Actually, the name of the poem and the contents are exactly the same.

I ask my students to “Zip the Lip” when I want them to work on a problem but not blurt out their answers.

It’s easy to remember and reminds them to be respectful of other students’ thinking time.

Cheers,

Mr. L

2=2

2+2=2*2

1+2+3=1*2*3

2+4+1+1=1*1*2*4

1+2+1+2+2=2*1*1*1*2

2+5+1+1+1=1*5*2*1*1

2+6+1+1+1+1=…

2+7+1+1+1+1+1=…

i realize you can do the 2+x+(x-2)1s (where x is number of terms), but that seems to be the easy way out… is that the pattern you found?

(the first fits cause it becomes -1 1s and 1 1s which is 0 1s).

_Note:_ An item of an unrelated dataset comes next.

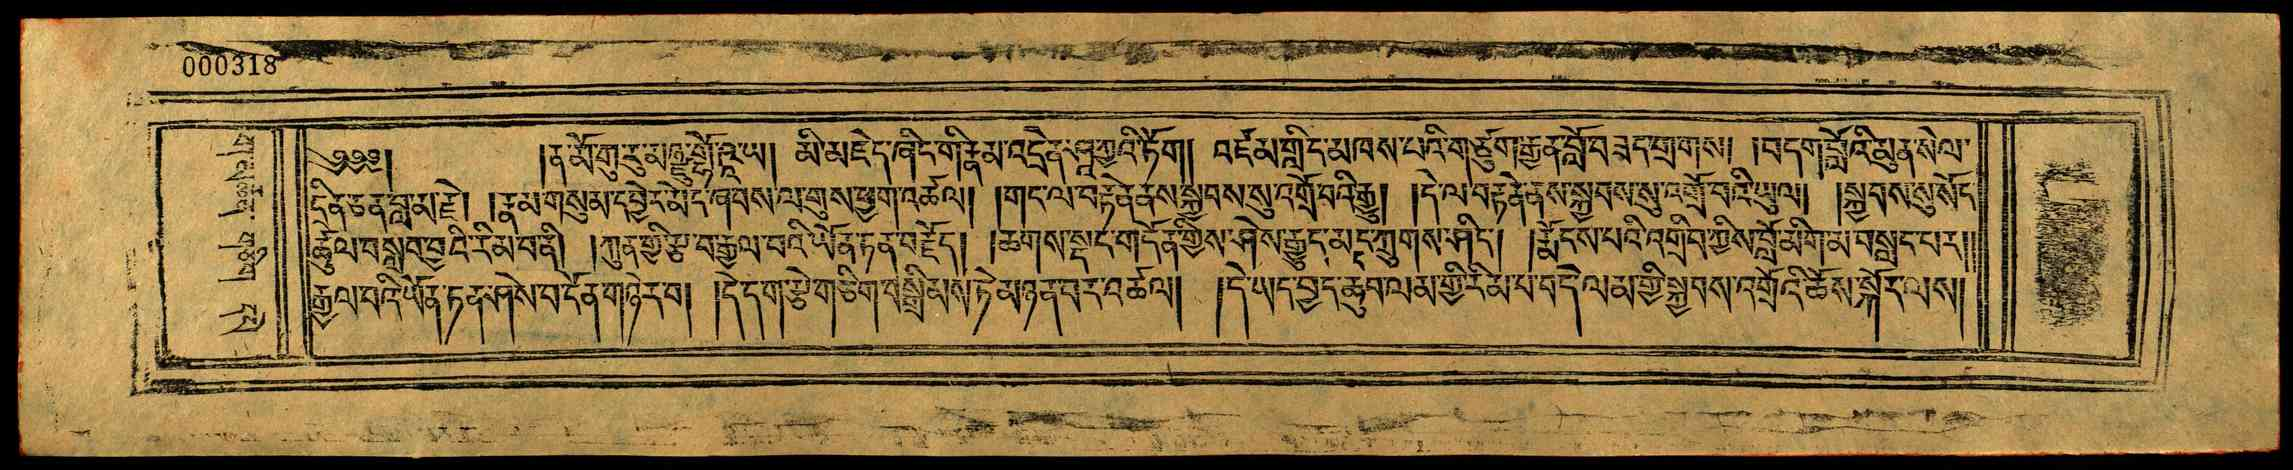༄༅༅། །ན་མོ་གུ་རུ་མཉྫུ་གྷོ་ཥཱ་ཡ། མི་མཇེད་ཞིང་གི་རྣམ་འདྲེན་ཤཱཀྱའི་ཏོག །འཛམ་གླིང་མཁས་པའི་གཙུག་རྒྱན་བློ་བཟང་གྲགས། །བདག་བློའི་མུན་སེལ་
དྲིན་ཅན་བླ་མ་རྗེ། །རྣམ་གསུམ་དབྱེར་མེད་ཞབས་ལ་གུས་ཕྱག་འཚལ། །གང་ལ་བརྟེན་ནས་སྐྱབས་སུ་འགྲོ་བའི་རྒྱུ། །དེ་ལ་བརྟེན་ནས་སྐྱབས་སུ་འགྲོ་བའི་ཡུལ། །སྐྱབས་སུ་སོང་
ཚུལ་བསླབ་བྱའི་རིམ་པ་ནི། །ཀུན་གྱི་རྩ་བ་རྒྱལ་བའི་ཡོན་ཏན་བརྗོད། །ཆགས་སྡང་གདོན་གྱིས་ཤེས་རྒྱུད་མ་དཀྲུགས་ཤིང་། །རྨོངས་པའི་འགྲིབ་ཀྱིས་བློ་མིག་མ་བསླད་པར། །
རྒྱལ་བའི་ཡོན་ཏན་ཤེས་པ་དོན་གཉེར་བ། །དེ་དག་རྩེ་གཅིག་བསྒྲིམས་ཏེ་མཉན་པར་འཚལ། །དེ་ཡང་བྱང་ཆུབ་ལམ་གྱི་རིམ་པ་བདེ་ལམ་གྱི་སྐྱབས་འགྲོའི་ཆོས་སྐོར་ལས།

that seems very simple… no actual challenge. Unless i’m missing something?

Hello footballplayer72,

Nice job-

Yes, that’s the pattern we found in class.

- Mr. L

I’m looking around a bit for information about the problem for any number of integers. Just wanted to add something since you mention 2 solutions for 5 numbers.

for 5 numbers, there are actually 3 solutions:

1,1,1,2,5

1,1,1,3,3

1,1,2,2,2

I had a lot of help with the following article about the general problem. Now hoping to find a more recent one with still a bit more information:

http://www-users.mat.umk.pl/~anow/ps-dvi/si-krl-a.pdf